Do you have any performance monitoring system such as Cacti, Munin, Zabbix, Observium or any of the other options in this space? If not, get one of them now. Configure them to graph all the normal things such as memory usage, load average, CPU usage, free disk space, IOPS, network usage, etc but it also might be worth adding custom metrics such as requests per minute or TCP states. Also add whatever templates match the services you are using, such as Apache, MySQL, memcached, etc.
By analysing the graphs that these tools produce you should be able to find the resource that is hitting 100% during these downtimes. From there, you can trace the cause-and-effect chain back through to the initial trigger that caused the problem. It's possible that the resource that is being exhausted is not being measured by you and may not even be in your control.
As a guess, if your connections are in the SYN_SENT
state, you are probably using someone else's API over HTTP and either they are down or they temporarily blocked you. If they are in the SYN_RECV
state, there might be a firewall problem that is blocking the SYN-ACK
responses from being received by the client or the response from the client being received by you. It could also be the SYN-flood you suggested.
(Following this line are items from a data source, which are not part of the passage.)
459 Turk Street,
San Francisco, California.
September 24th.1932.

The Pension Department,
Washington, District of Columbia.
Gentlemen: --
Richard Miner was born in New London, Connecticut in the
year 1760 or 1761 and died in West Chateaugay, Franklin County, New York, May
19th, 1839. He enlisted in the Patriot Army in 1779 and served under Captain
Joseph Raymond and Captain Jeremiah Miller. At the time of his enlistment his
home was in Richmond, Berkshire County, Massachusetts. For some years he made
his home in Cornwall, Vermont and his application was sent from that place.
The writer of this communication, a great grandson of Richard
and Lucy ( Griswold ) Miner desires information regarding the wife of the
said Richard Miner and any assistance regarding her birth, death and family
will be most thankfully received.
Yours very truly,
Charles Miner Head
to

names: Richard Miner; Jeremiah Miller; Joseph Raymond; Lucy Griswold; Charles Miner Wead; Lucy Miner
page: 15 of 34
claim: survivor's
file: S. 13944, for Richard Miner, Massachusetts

During a real SYN-flood, you will see the bandwidth and the number of packets per second jump significantly. Use tcpdump -w packet-capture-file.cap
or -j LOG
in iptables to log these packets and see if you can spot a pattern. Maybe the source address is always the same, maybe it's always in a small range, maybe a strange TCP flag (such as URG or PSH) is set. Failing that, see if the IP addresses involved make multiple connection attempts. If they do, you can add them to a DROP
rules in your firewall so that your OS won't have to deal with them. Depending on how many different IP addresses there are, you may need to split your rules into several tables to reduce the size of the list iptables has to scan through.
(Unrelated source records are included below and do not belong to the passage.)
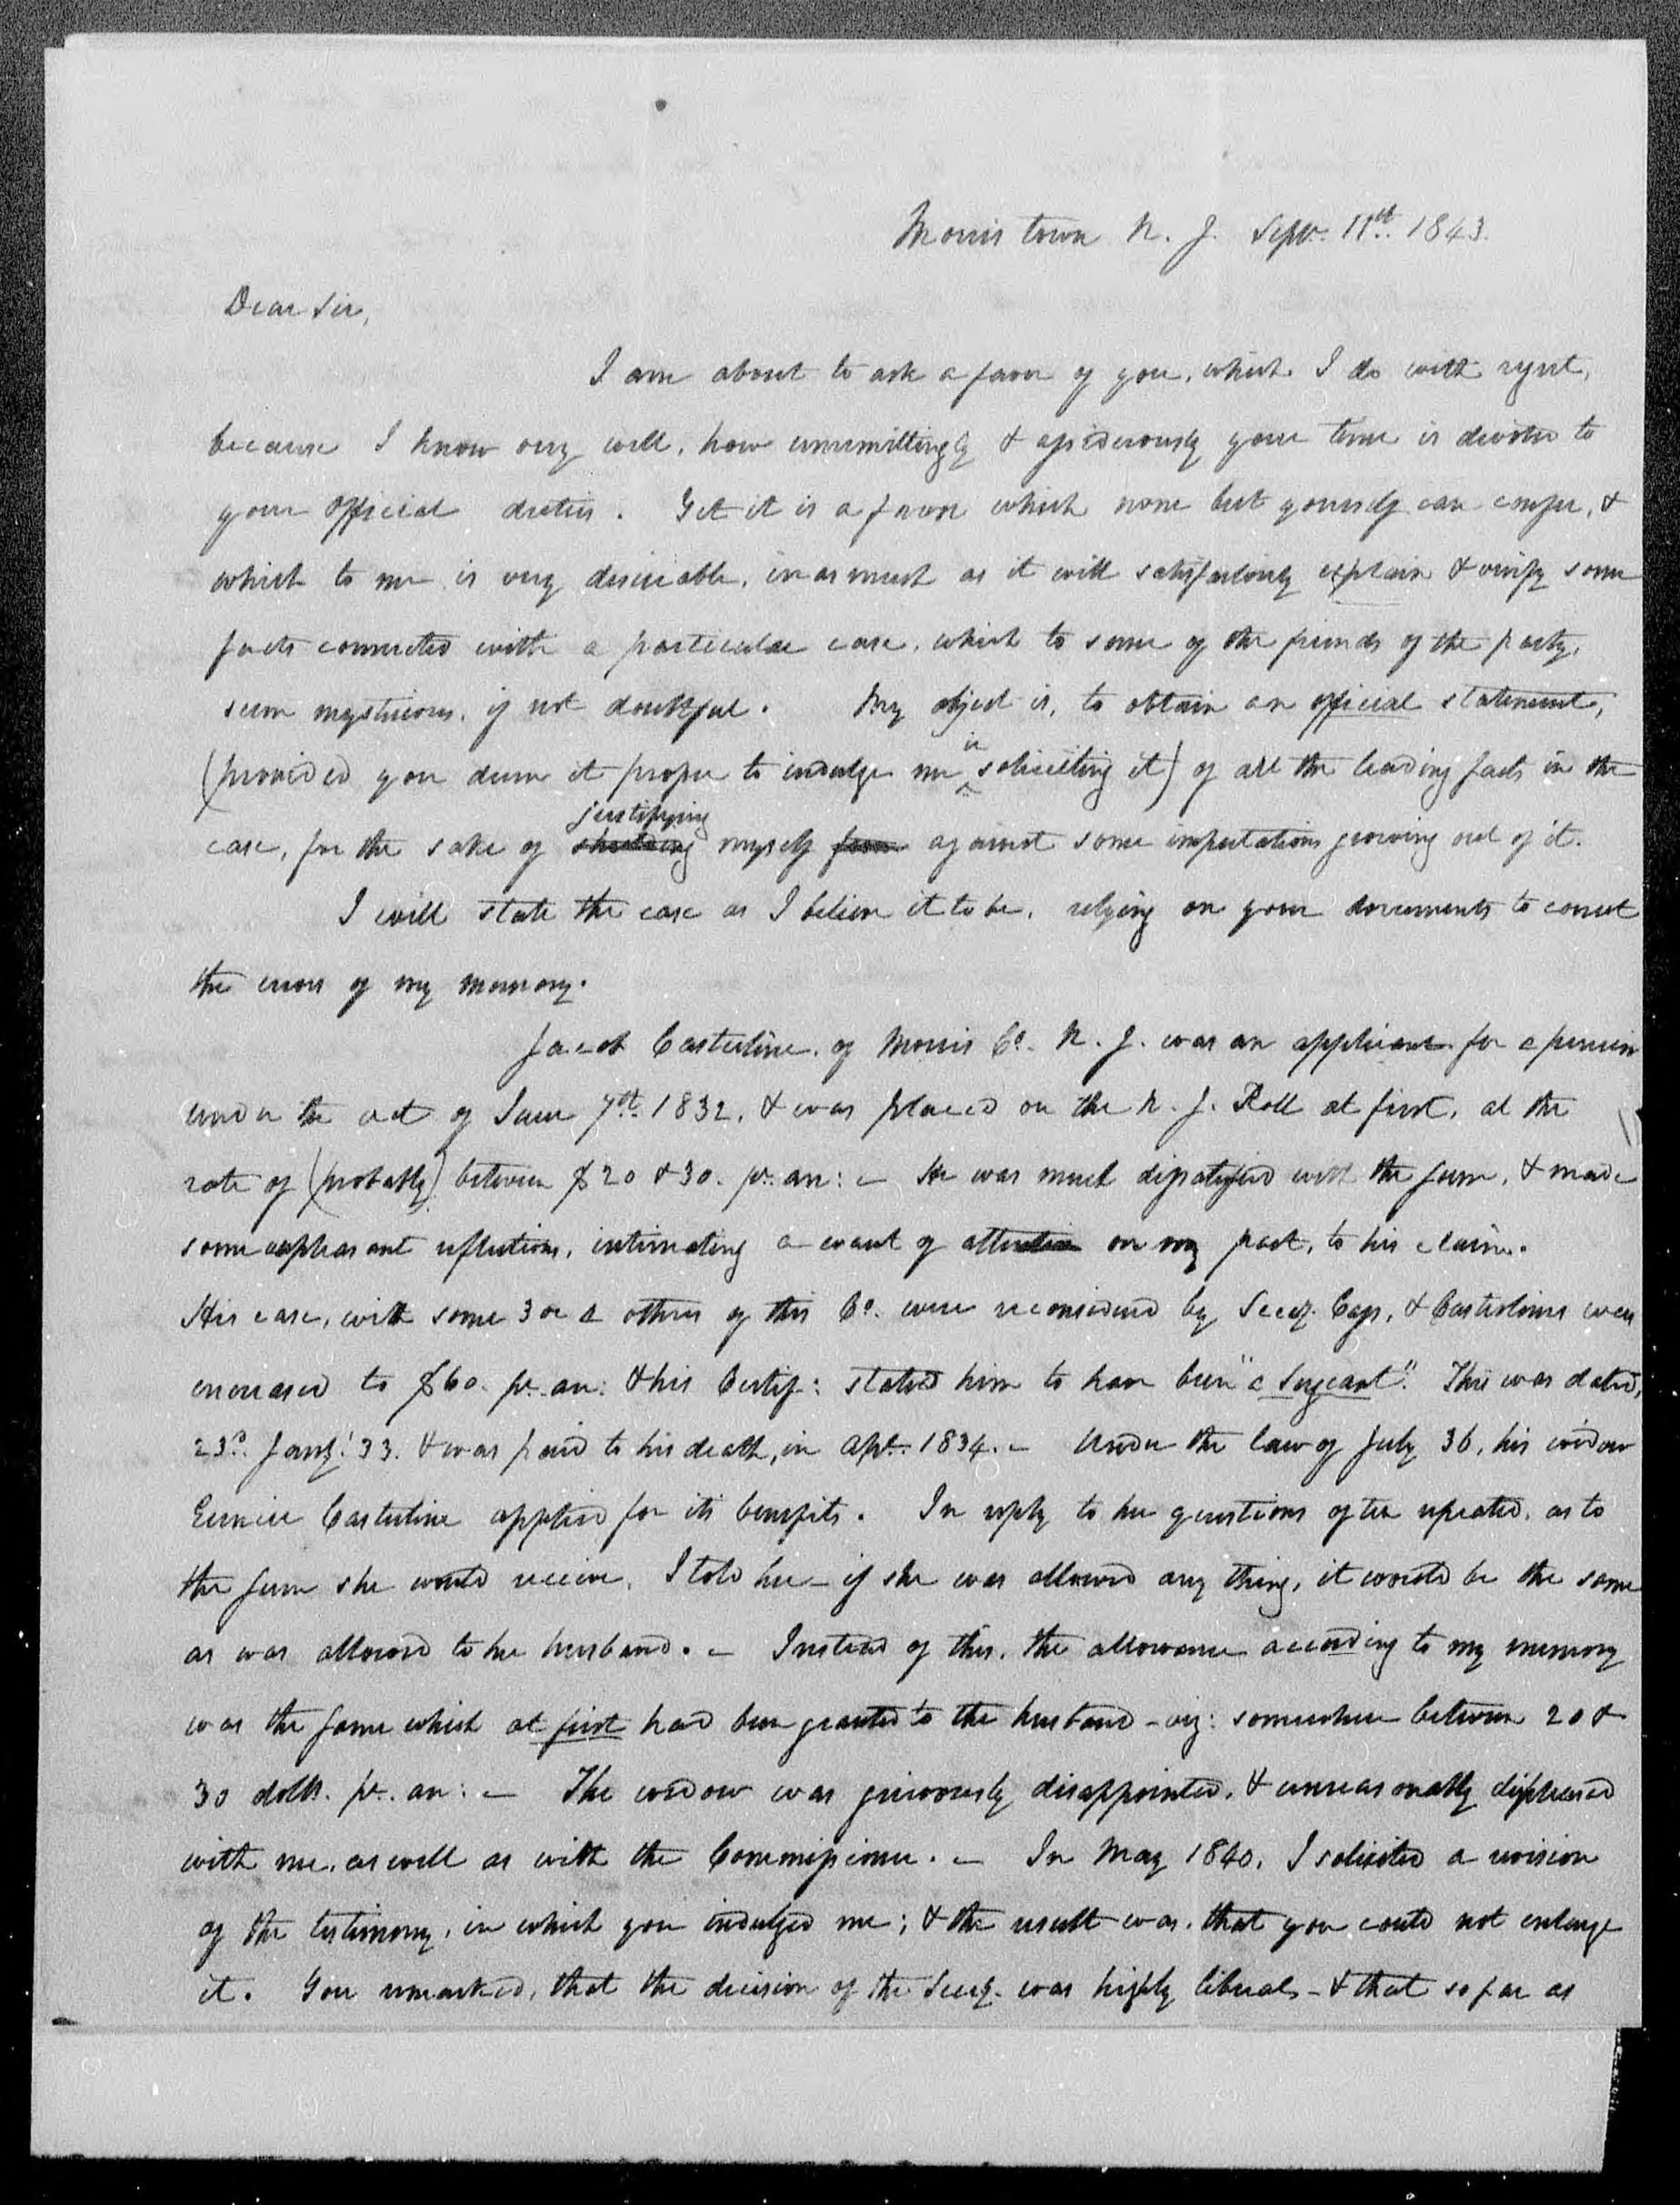Morristown N. J.  Sept. 11th 1843

Dear Sir,
I am about to ask a favor of you, which I do with rynt [?] because I know very well how unremitting and [?] your time is [?] to your official duties. Yet it is a favor which none by family can confer and which to me is very [?], in as much as it will satisfactorily explain and verify some facts connected with a particular care, which to some of the friends of the party seem mysterious if not doubtful.  My object is to obtain an official statement, (provided you deem it proper to indulge me in soliciting it) of all the leading facts in the case, for the sake of my justifying myself against some importation serving out of it.  
I will state the case as I believe it to be, relying on your documents to connect the [?] of my memory.
Jacob Casterline of Morris Co. N. J. was an applicant for a pension under the Act of June 7th 1832, and was placed on the N. J. Roll at first, and made some apparent inflation, intimating a count of attention on my part, to his claim.  His care, with some 3 or 4 others of this Co. were recommended by [?] and Casterline [?] to $60 per an & his certif.  stated him to have been "a sergeant." This was dated 23rd January '33 and was prior to his death in April 1834.  Under the law of July 36, his widow Eunice Casterline appears for its benefits.  In reply to her question of the [?] as to the sum she would receive.  I told her if she was allowed anything, it could be the same as allowed to her husband.  Instead of this, the allowance according to my memory was the same which at first at been granted to the husband - viz: somewhere between 20 and 30 dollars pr. an. - The widow was grievously disappointed and [?] dispensed with me, as well as with the commissioner.  In may 1840, I solicited a revision of the testimony in which you indulged me and the result was that you could not enlarge it.  You remarked that the decision of the dues was highly liberal that so far as

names: Casterline, Eunice Casterline, Jacob Casterline
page: 37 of 38
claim: widow's
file: W. 6644, Jacob Casterline, New Jersey

The DDoS may be big enough that it's actually exhausting your hosting provider's bandwidth. If that is the case, they or you will probably need to go to a dedicated DDoS mitigation company. These guys use either DNS or BGP to route your traffic to them, filter out the DDoS traffic and send the rest on to you. They're generally not cheap and you will have to weigh the cost of downtime against the cost of the mitigation service. There are also services like CloudFlare that can prevent DDoS attacks up to certain limits and have more affordable pricing plans.